I sat on the edge of the void and plopped my feet in, too exhausted to care anymore.

“See?” the tortoise said. It began to feel still. Things other than the void became noticeable.

“You can exist here on the edge, and just look, and I’ll make sure you don’t get pulled in.” We sat together for a while, the tortoise and I, watching the heavy waves. But, eventually, the sun started to dip below the horizon, the tortoise had to leave, and it was just the void and me.

The sky was dark, but a few small stars came out, reflected in the oily waters below.

I sat there, alone, for a long, long time. Sometimes the void lapped at my feet. Sometimes it rose all the way to my ears and I was sure I would be pulled in, but, like the tide, it always pulled away eventually and I would be left; tired, sad, angry, but still there.

One day, I looked to my left and there You were, sitting next to me, surrounded by piles of muck, but your clothes shone white, untouched.

“You’re here!” I whispered.

“I said I wouldn’t leave.”

I gazed out at the void, overwhelmed. “This is too much, it feels impossible.” “It does,” You said. “But let’s just try.”

You and I worked on the edge of the void for years and years.

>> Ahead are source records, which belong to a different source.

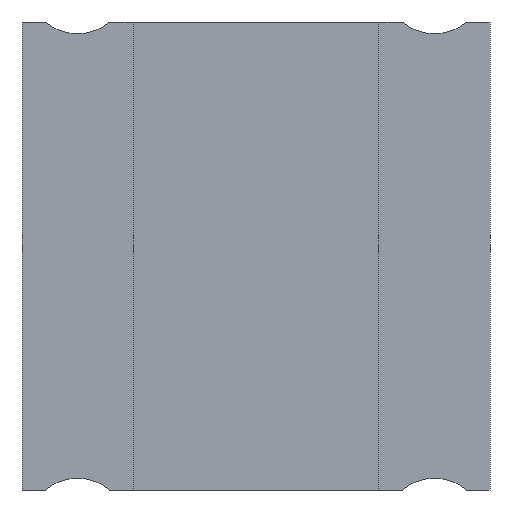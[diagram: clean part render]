
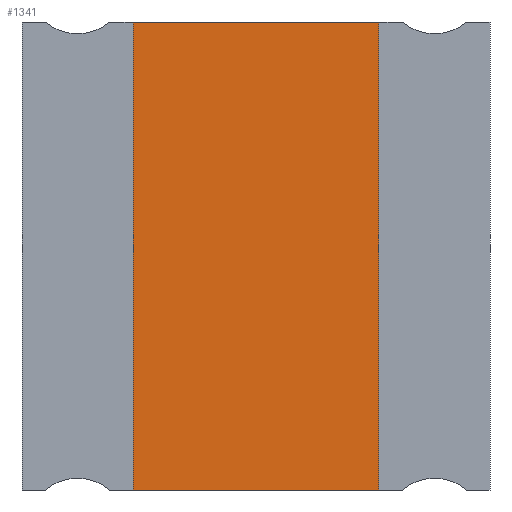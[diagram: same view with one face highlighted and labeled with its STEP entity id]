
A CAD part, front view. The second image highlights one B-rep face of the part: STEP entity #1341.
In plain terms, the highlighted planar face has unit normal (0, -1, 0).
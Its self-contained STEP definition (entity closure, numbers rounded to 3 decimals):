
#44 = PLANE ( 'NONE',  #512 ) ;
#219 = VERTEX_POINT ( 'NONE', #2238 ) ;
#265 = EDGE_CURVE ( 'NONE', #399, #2819, #2889, .T. ) ;
#283 = DIRECTION ( 'NONE',  ( 1., 0., 0. ) ) ;
#295 = DIRECTION ( 'NONE',  ( 0., 0., -1. ) ) ;
#399 = VERTEX_POINT ( 'NONE', #3857 ) ;
#512 = AXIS2_PLACEMENT_3D ( 'NONE', #2417, #3807, #2809 ) ;
#569 = VECTOR ( 'NONE', #283, 1000. ) ;
#640 = FACE_OUTER_BOUND ( 'NONE', #4281, .T. ) ;
#843 = DIRECTION ( 'NONE',  ( 0., 0., -1. ) ) ;
#862 = DIRECTION ( 'NONE',  ( 1., 0., 0. ) ) ;
#974 = CARTESIAN_POINT ( 'NONE',  ( 1.05, 0., 2. ) ) ;
#1003 = CARTESIAN_POINT ( 'NONE',  ( 1.05, 0., -2. ) ) ;
#1107 = VECTOR ( 'NONE', #295, 1000. ) ;
#1145 = ORIENTED_EDGE ( 'NONE', *, *, #3482, .F. ) ;
#1341 = ADVANCED_FACE ( 'NONE', ( #640 ), #44, .F. ) ;
#1658 = ORIENTED_EDGE ( 'NONE', *, *, #1728, .T. ) ;
#1672 = CARTESIAN_POINT ( 'NONE',  ( -1.05, 0., 2. ) ) ;
#1714 = LINE ( 'NONE', #2922, #2529 ) ;
#1728 = EDGE_CURVE ( 'NONE', #2392, #399, #1714, .T. ) ;
#1881 = CARTESIAN_POINT ( 'NONE',  ( -1.05, 0., -2. ) ) ;
#2145 = ORIENTED_EDGE ( 'NONE', *, *, #3989, .F. ) ;
#2238 = CARTESIAN_POINT ( 'NONE',  ( 1.05, 0., 2. ) ) ;
#2392 = VERTEX_POINT ( 'NONE', #3562 ) ;
#2417 = CARTESIAN_POINT ( 'NONE',  ( -1.05, 0., 2. ) ) ;
#2529 = VECTOR ( 'NONE', #843, 1000. ) ;
#2703 = ORIENTED_EDGE ( 'NONE', *, *, #265, .T. ) ;
#2732 = LINE ( 'NONE', #1672, #569 ) ;
#2809 = DIRECTION ( 'NONE',  ( 0., 0., 1. ) ) ;
#2819 = VERTEX_POINT ( 'NONE', #1003 ) ;
#2889 = LINE ( 'NONE', #1881, #3948 ) ;
#2922 = CARTESIAN_POINT ( 'NONE',  ( -1.05, 0., 2. ) ) ;
#3368 = LINE ( 'NONE', #974, #1107 ) ;
#3482 = EDGE_CURVE ( 'NONE', #2392, #219, #2732, .T. ) ;
#3562 = CARTESIAN_POINT ( 'NONE',  ( -1.05, 0., 2. ) ) ;
#3807 = DIRECTION ( 'NONE',  ( 0., 1., 0. ) ) ;
#3857 = CARTESIAN_POINT ( 'NONE',  ( -1.05, 0., -2. ) ) ;
#3948 = VECTOR ( 'NONE', #862, 1000. ) ;
#3989 = EDGE_CURVE ( 'NONE', #219, #2819, #3368, .T. ) ;
#4281 = EDGE_LOOP ( 'NONE', ( #2703, #2145, #1145, #1658 ) ) ;

Sometimes the ones who had ignored or justified or were afraid came by and saw the labor this place required. Some scoffed and moved on. Some stayed for a while, and we all worked together.

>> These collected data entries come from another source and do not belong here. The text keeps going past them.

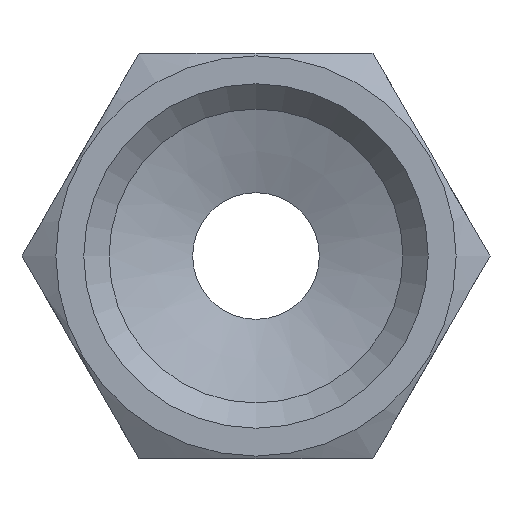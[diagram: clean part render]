
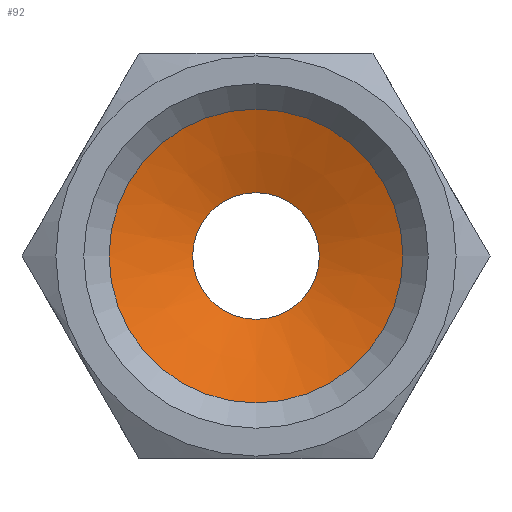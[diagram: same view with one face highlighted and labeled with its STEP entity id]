
A CAD part, front view. The second image highlights one B-rep face of the part: STEP entity #92.
In plain terms, the highlighted conical face has half-angle 70 degrees and reference radius 5.8 mm.
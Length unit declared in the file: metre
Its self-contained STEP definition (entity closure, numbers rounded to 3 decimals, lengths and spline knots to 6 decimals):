
#92 = ADVANCED_FACE( 'NONE', ( #198, #199 ), #200, .F. );
#198 = FACE_OUTER_BOUND( '', #303, .T. );
#199 = FACE_BOUND( '', #304, .T. );
#200 = CONICAL_SURFACE( '', #305, 0.0058, 1.222 );
#303 = EDGE_LOOP( '', ( #477 ) );
#304 = EDGE_LOOP( '', ( #478 ) );
#305 = AXIS2_PLACEMENT_3D( '', #479, #480, #481 );
#477 = ORIENTED_EDGE( '', *, *, #552, .T. );
#478 = ORIENTED_EDGE( '', *, *, #564, .T. );
#479 = CARTESIAN_POINT( '', ( 0., 0.0125, 0. ) );
#480 = DIRECTION( '', ( 0., -1., 0. ) );
#481 = DIRECTION( '', ( 0., 0., -1. ) );
#552 = EDGE_CURVE( 'NONE', #647, #647, #648, .T. );
#564 = EDGE_CURVE( 'NONE', #665, #665, #666, .T. );
#647 = VERTEX_POINT( '', #817 );
#648 = CIRCLE( '', #818, 0.0058 );
#665 = VERTEX_POINT( '', #867 );
#666 = CIRCLE( '', #868, 0.0025 );
#817 = CARTESIAN_POINT( '', ( 0., 0.0125, -0.0058 ) );
#818 = AXIS2_PLACEMENT_3D( '', #930, #931, #932 );
#867 = CARTESIAN_POINT( '', ( 0., 0.013701, -0.0025 ) );
#868 = AXIS2_PLACEMENT_3D( '', #939, #940, #941 );
#930 = CARTESIAN_POINT( '', ( 0., 0.0125, 0. ) );
#931 = DIRECTION( '', ( 0., -1., 0. ) );
#932 = DIRECTION( '', ( 0., 0., -1. ) );
#939 = CARTESIAN_POINT( '', ( 0., 0.013701, 0. ) );
#940 = DIRECTION( '', ( 0., 1., 0. ) );
#941 = DIRECTION( '', ( 0., 0., -1. ) );

Sometimes the void grew, and sometimes it shrank. Sometimes storms grew on the expanse and rained down on me, and I wondered what the point was, to work on something that was so much bigger than me, so wild.

One day, the work progressed enough that I was able to walk away from the black sands for a few hours, brushing my feet off on a grassy bluff just ahead. I took a deep breath, and felt the sun on my shoulders. But, the clouds gathered soon again and rumbled, and I went back to the edge and worked again.

Those hours stretched into a day, three days, a week, a bit more, coming and going, like the weather in a Northwestern town.

This morning, I woke up, looked at my hands, ink-stained from working on the void (maybe they would always be that way), and I went to go see You.

You were sitting in a throne room, surrounded by wings and eyes and gold, singing and bright and sunshine, where the void was eclipsed by You, though traces of it were still on the soles of my feet and my clothes and my hair.

And You looked down at me and smiled, from Your throne surrounded by a million refracted rainbows.

“Can I sit here with You a while?” I asked.

“Of course, we’ve been waiting for you,” You said. And I sat on the gold-veined floors, and looked up at the feathers around me, breathing in the light.